Boffins affiliated with dev tools biz JetBrains and HSE University in Moscow have devised an open-source plugin for the company's Java development editor that guards against copy-and-paste coding.
AntiCopyPaster, available on GitHub, works with IntelliJ IDEA, JetBrain's integrated development environment (IDE) for Java programmers. It was created by Anton Ivanov, Zarina Kurbatova, Yaroslav Golubev, Andrey Kirilenko, Timofey Bryksin to help mitigate the problems that can accompany copied code.
In a paper posted to ArXiv, the researchers observe that while "[c]opying and pasting constitute an essential part of writing programming code," doing so can lead to code maintenance, security problems, and licensing issues.
"While there is nothing wrong with the copying and pasting as such, research also shows that having clones inside a project can make its maintenance more difficult due to overgrown codebases," the paper explains. "Fixing vulnerabilities across multiple duplicate instances can be difficult and lead to increased security risks."

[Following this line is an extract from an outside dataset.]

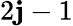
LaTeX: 2\mathbf{j}-1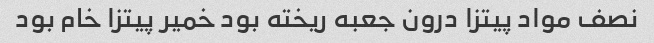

Software licensing problems are also a possibility. A 2020 paper by some of the same researchers looked at code cloning in 24,000 Java projects on GitHub and found that almost 10 per cent of copied code blocks potentially violate their original licenses.
- We've only gone and got our hands on an early preview of Fleet, the forthcoming JetBrains IDE
- All change at JetBrains: Remote development now, new IDE previewed
- Does the world need another cross-platform framework? Tough, here's JetBrains with Compose Multiplatform
There is a lot of duplicate code floating around due to developers' inclination toward copypasta. As of 2017, about 70 per cent of the code on GitHub came from copied files. The enduring attraction of copied code has given rise to a faux book titled "Copying and Pasting from Stack Overflow" and t-shirts bearing that same quip.
Additionally, cut'n'pasting the same blocks of source within a project is a sign of poor programming and application design; a classic so-called code smell that ought to be detected and tackled.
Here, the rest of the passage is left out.